Start of Given entries

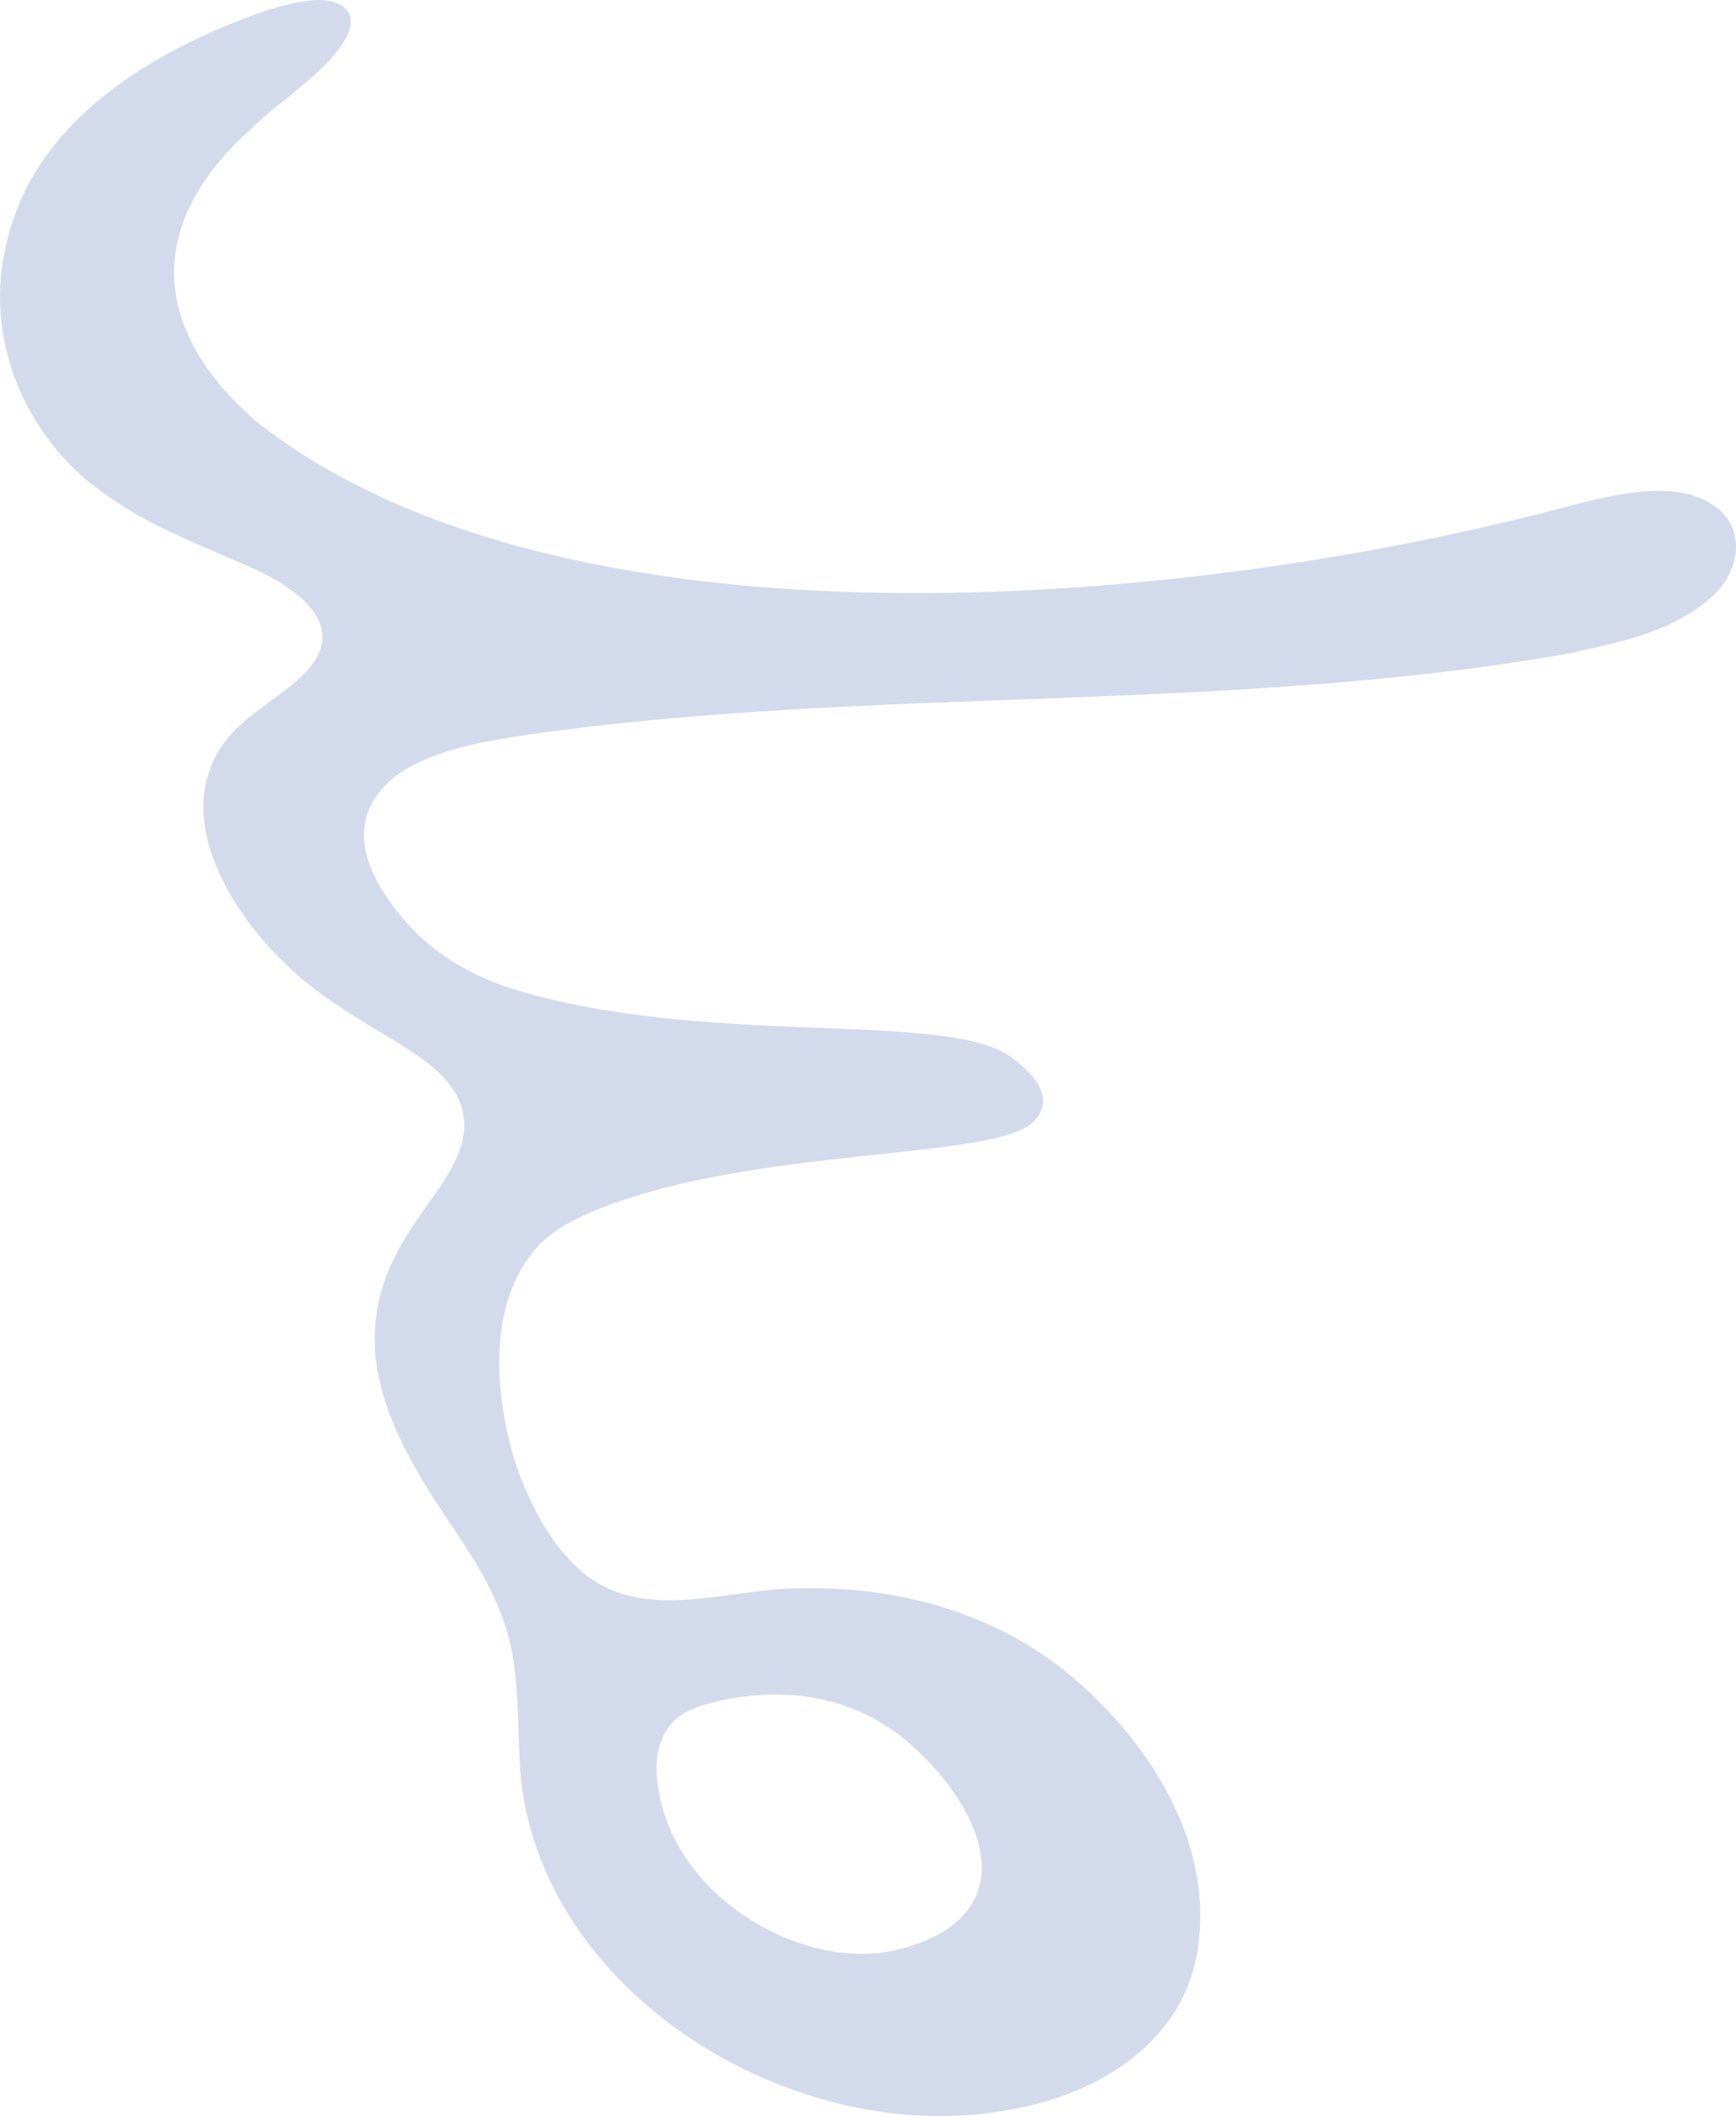 <?xml version="1.0" encoding="UTF-8"?>
<svg fill="#d3daec" role="img" data-name="Layer 3" xmlns="http://www.w3.org/2000/svg" viewBox="0 0 1602.25 1952.27" >
<title>Planckstar</title>
  <path d="M584.82,1103.95c-64.24,20.02-82.97,39.42-90.34,48-61.98,72.18-20.49,193.91-15.89,205.99,12.73,33.49,30.14,67.22,57.21,90.97,58.27,51.14,138.83,14.83,207.7,16.4,87.57-1.43,176.69,23.8,244.5,80.45,72.84,61.01,132.83,154.93,117.39,252.83-13.13,85.71-91.79,133.71-172.43,147.6-192.66,37.1-427.45-99.66-451.91-302.26-4.53-47.33.24-99.33-14.86-144.22-10.09-31.76-27.74-59.58-45.95-87.2-42.34-62.41-89.52-136.6-69.83-215.33,6.51-27.42,20.87-52.6,37.08-75.66,17.32-25.46,41.6-53.47,40.98-84.94-1-40.41-43.18-63.28-74.54-82.58-25.24-15.06-50.22-30.29-72.8-48.85-59.11-48.62-125.47-144.13-76.14-217.27,18.38-26.98,50.87-42.23,73.79-64.34,47.46-45.74-5.19-81.56-47.83-100.3-45.93-20.53-93.43-37.69-134.27-67.66C22.54,404.59-16.26,309.79,6.48,222.78,31.57,114.8,133.01,51.43,232.09,14.59c16.5-6.11,34.43-11.74,51.7-13.8,18.77-3.06,44.57,2.13,39.24,25.1l-.05.21c-9.88,33.4-64.98,66.37-90.61,92.23-97.32,86.46-94.54,183.54,2.5,269.17,282.17,225.1,859.64,173.01,1206.37,81.16,20.53-5.39,43.35-11.32,66.05-14.21,27.22-3.32,56.09-2.73,77.8,14.51,25.96,20.65,20.27,57.12-2.56,79.07-35.61,34.59-87.9,44.53-134.88,54.91-315.98,55.82-643.38,29.53-961.31,74.97-36.64,5.77-75.59,11.8-108.32,29.74-20.83,11.6-33.43,26.87-39.05,43.67-13.14,39.31,19.91,79.93,30.76,93.43,38.86,48.33,93.42,65.04,115.11,71.14,178.45,50.13,392.44,16.14,449.58,60.24,7.67,5.92,30.7,23.69,28.06,42.86-1.16,8.38-6.81,14.01-8.8,15.99-33.21,33.09-224.32,23.92-368.89,68.96ZM615.84,1680.94c29.1,79.94,135.28,141.12,220.13,115.83,12.44-3.71,50.9-15.17,64.99-47.74,22.06-50.98-30.67-118.92-74.3-150.77-69.15-50.47-147.05-32.66-165.52-28.45-25.67,5.85-36.37,13.98-42.89,22.12-23.92,29.91-6.23,78.51-2.41,89Z"/>
</svg>

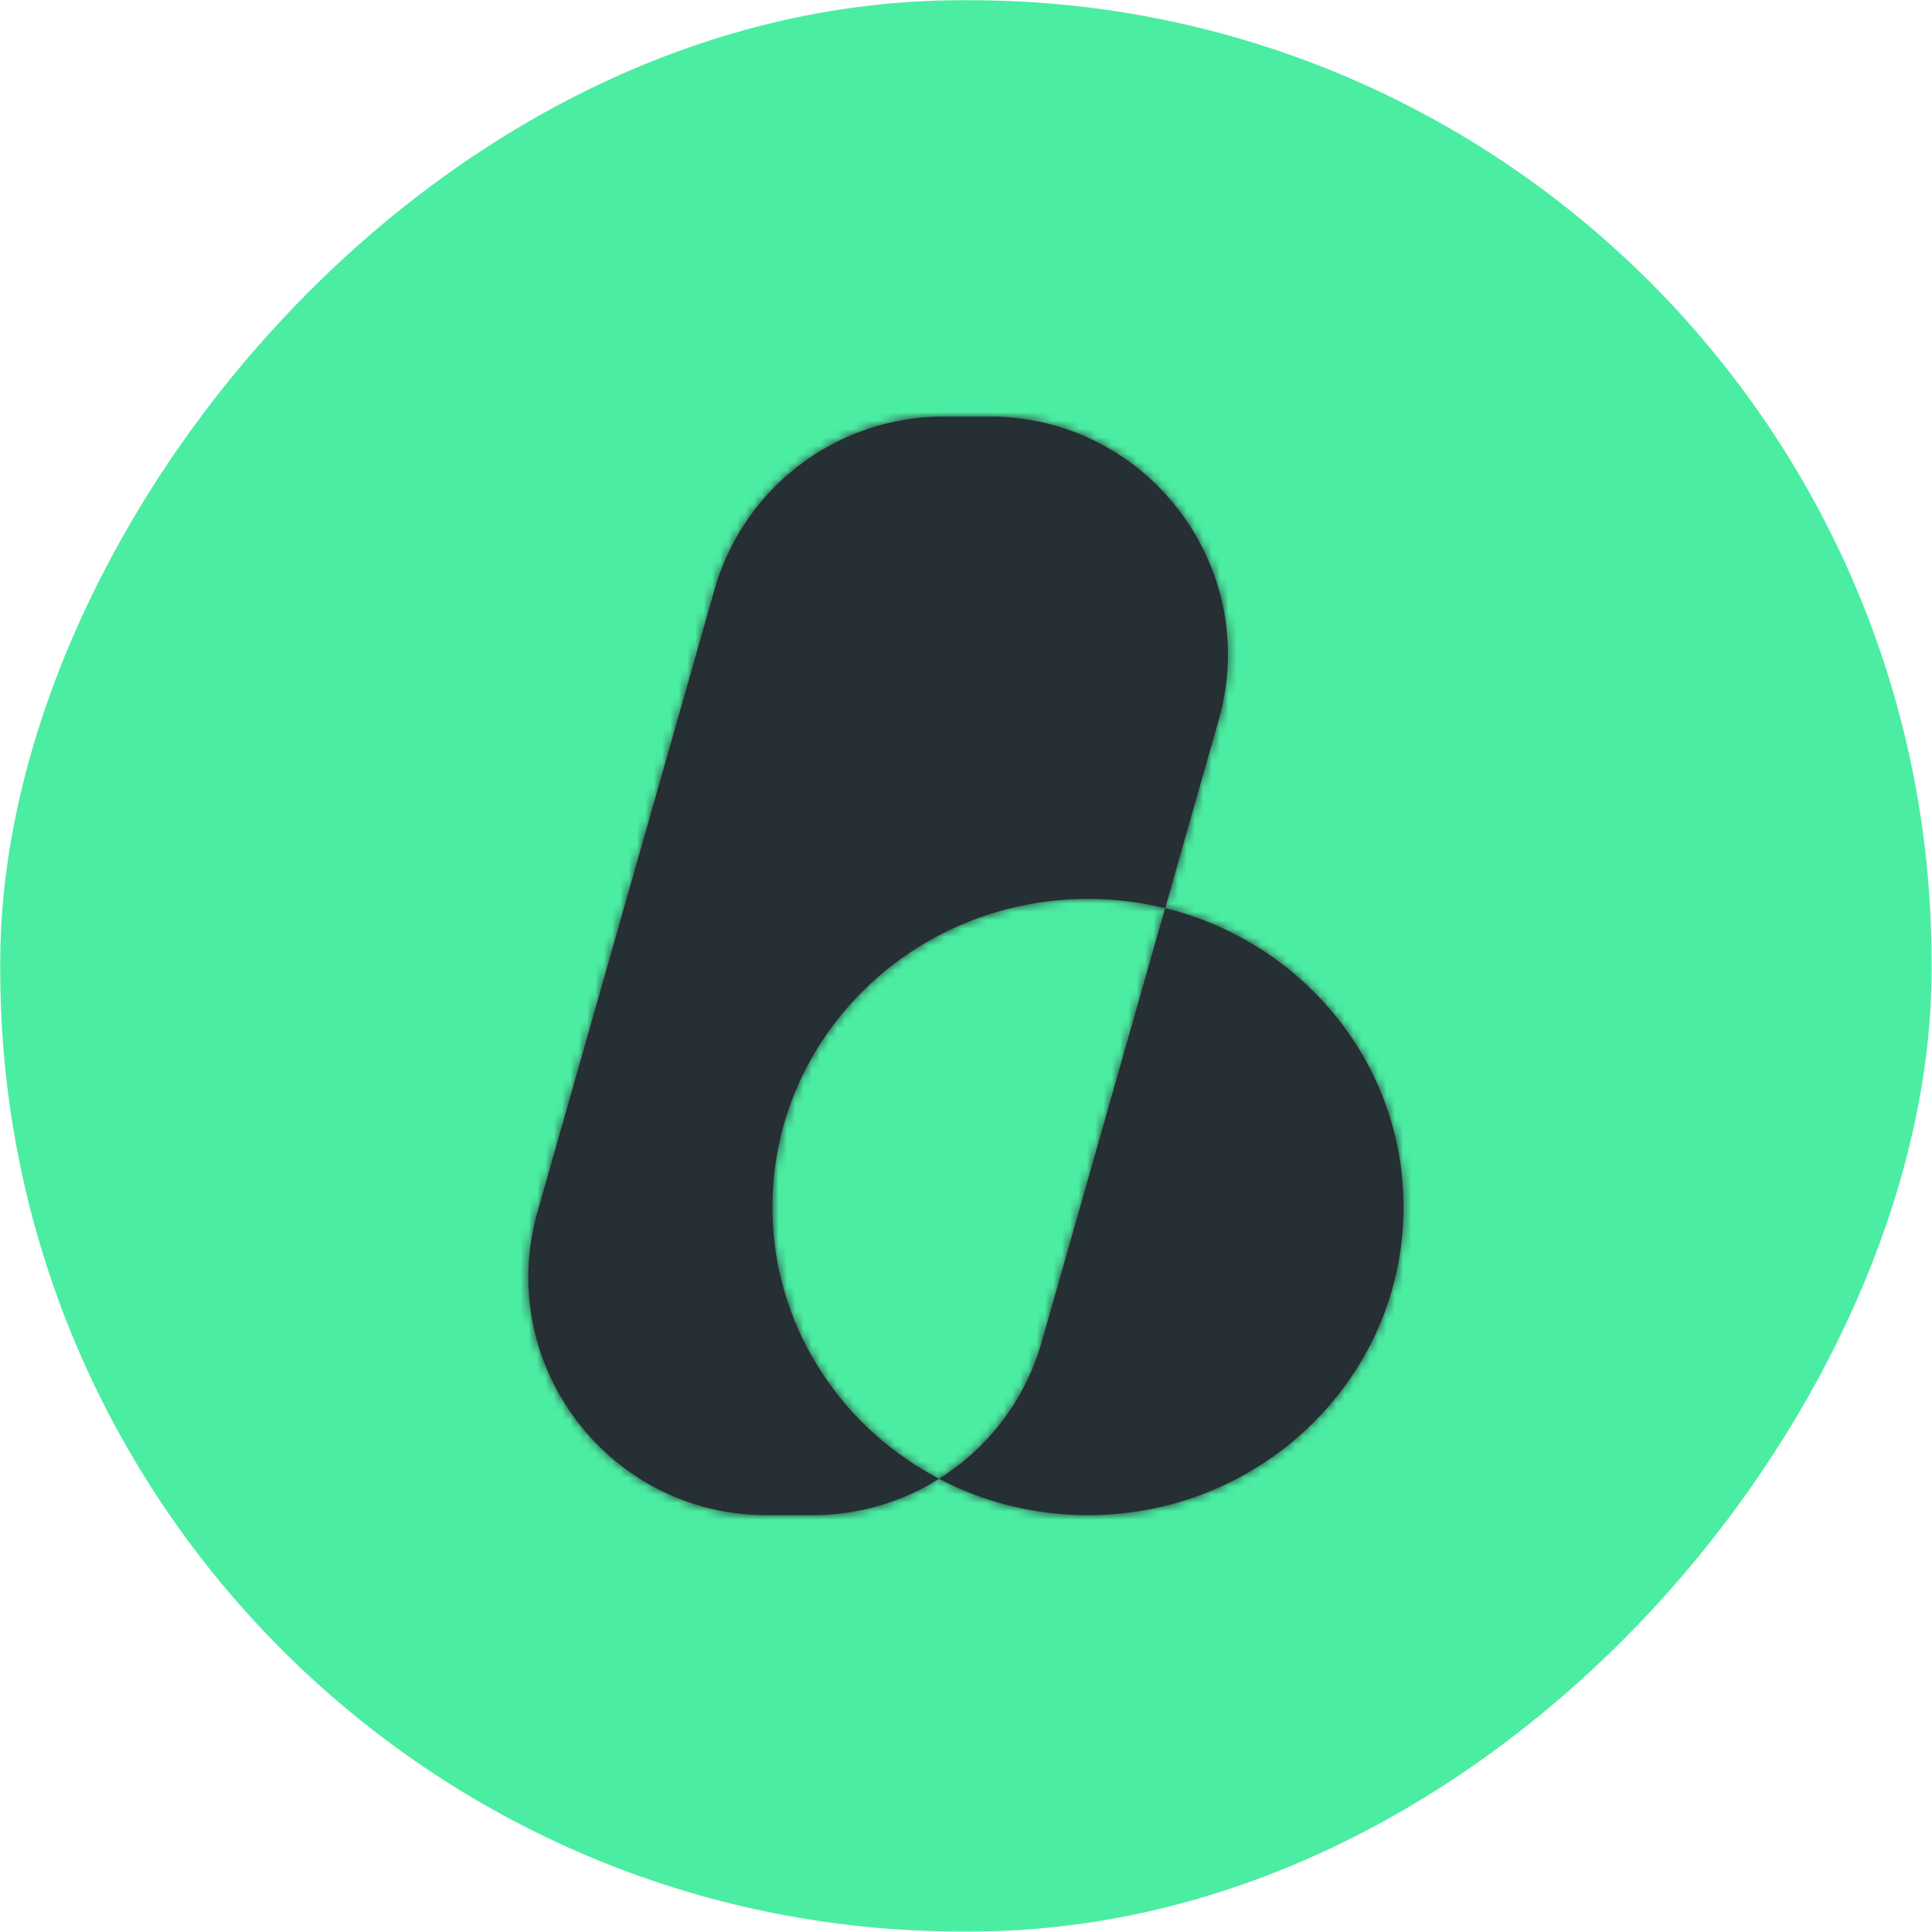 <svg xmlns="http://www.w3.org/2000/svg" width="232" height="232" fill="none"><rect width="231.92" height="231.92" fill="#4BEDA2" rx="115.497" transform="matrix(-1 0 0 1 231.949 .026)"/><mask id="a" fill="#fff"><path fill-rule="evenodd" d="M113.315 50.029a28.6 28.6 0 0 0-27.509 20.774L64.55 145.516c-5.196 18.263 8.521 36.426 27.51 36.426h5.52a28.545 28.545 0 0 0 15.19-4.367c5.325 2.788 11.412 4.369 17.877 4.369 20.927 0 37.891-16.567 37.891-37.002 0-17.314-12.176-31.85-28.623-35.887l6.429-22.6c5.196-18.263-8.52-36.426-27.508-36.426h-5.521zm26.6 59.026a38.794 38.794 0 0 0-9.268-1.115c-20.927 0-37.892 16.566-37.892 37.002 0 14.122 8.102 26.397 20.015 32.633a28.573 28.573 0 0 0 12.319-16.407l14.826-52.113z" clip-rule="evenodd"/></mask><path fill="#262F34" fill-rule="evenodd" d="M113.315 50.029a28.6 28.6 0 0 0-27.509 20.774L64.55 145.516c-5.196 18.263 8.521 36.426 27.51 36.426h5.52a28.545 28.545 0 0 0 15.19-4.367c5.325 2.788 11.412 4.369 17.877 4.369 20.927 0 37.891-16.567 37.891-37.002 0-17.314-12.176-31.85-28.623-35.887l6.429-22.6c5.196-18.263-8.52-36.426-27.508-36.426h-5.521zm26.6 59.026a38.794 38.794 0 0 0-9.268-1.115c-20.927 0-37.892 16.566-37.892 37.002 0 14.122 8.102 26.397 20.015 32.633a28.573 28.573 0 0 0 12.319-16.407l14.826-52.113z" clip-rule="evenodd"/><path fill="#262F34" d="m85.806 70.803 7.906 2.25-7.906-2.25zM64.55 145.516l-7.905-2.249 7.905 2.249zm81.794-59.06 7.906 2.249-7.906-2.25zm-21.255 74.712 7.905 2.249-7.905-2.249zM93.712 73.052a20.381 20.381 0 0 1 19.603-14.804V41.81c-16.455 0-30.912 10.918-35.415 26.745l15.812 4.498zm-21.256 74.713 21.256-74.713L77.9 68.554l-21.255 74.713 15.811 4.498zm19.603 25.958c-13.531 0-23.306-12.943-19.603-25.958l-15.811-4.498c-6.69 23.512 10.969 46.895 35.414 46.895v-16.439zm5.521 0h-5.52v16.439h5.52v-16.439zm10.823-3.111a20.323 20.323 0 0 1-10.823 3.111v16.439a36.766 36.766 0 0 0 19.557-5.623l-8.734-13.927zm22.244 3.113c-5.112 0-9.894-1.248-14.065-3.432l-7.624 14.564c6.479 3.392 13.871 5.306 21.689 5.306v-16.438zm29.672-28.783c0 15.713-13.1 28.783-29.672 28.783v16.438c25.281 0 46.111-20.063 46.111-45.221h-16.439zm-22.364-27.905c12.98 3.186 22.364 14.587 22.364 27.905h16.439c0-21.309-14.97-38.981-34.883-43.87l-3.92 15.965zm.484-32.83-6.43 22.598 15.812 4.499 6.429-22.6-15.811-4.498zm-19.603-25.959c13.531 0 23.305 12.944 19.603 25.958l15.811 4.499c6.689-23.513-10.969-46.896-35.414-46.896v16.44zm-5.521 0h5.521V41.81h-5.521v16.44zm17.332 57.911c2.532 0 4.979.306 7.308.878l3.92-15.965a47.085 47.085 0 0 0-11.228-1.352v16.439zm-29.672 28.783c0-15.714 13.099-28.783 29.672-28.783V99.72c-25.282 0-46.111 20.064-46.111 45.222h16.439zm15.607 25.351c-9.377-4.908-15.607-14.478-15.607-25.351h-16.44c0 17.372 9.975 32.352 24.423 39.915l7.624-14.564zm.601-11.374a20.355 20.355 0 0 1-8.78 11.693l8.734 13.927a36.79 36.79 0 0 0 15.857-21.122l-15.811-4.498zm14.826-52.114-14.826 52.114 15.811 4.498 14.827-52.113-15.812-4.499z" mask="url(#a)"/></svg>

End of Given entries

Work instruction: Pictures stay out. Print the data exactly, from its first line through the line containing "<title>Planckstar</title>".

Answer space:
 <?xml version="1.0" encoding="UTF-8"?>
<svg fill="#d3daec" role="img" data-name="Layer 3" xmlns="http://www.w3.org/2000/svg" viewBox="0 0 1602.25 1952.27" >
<title>Planckstar</title>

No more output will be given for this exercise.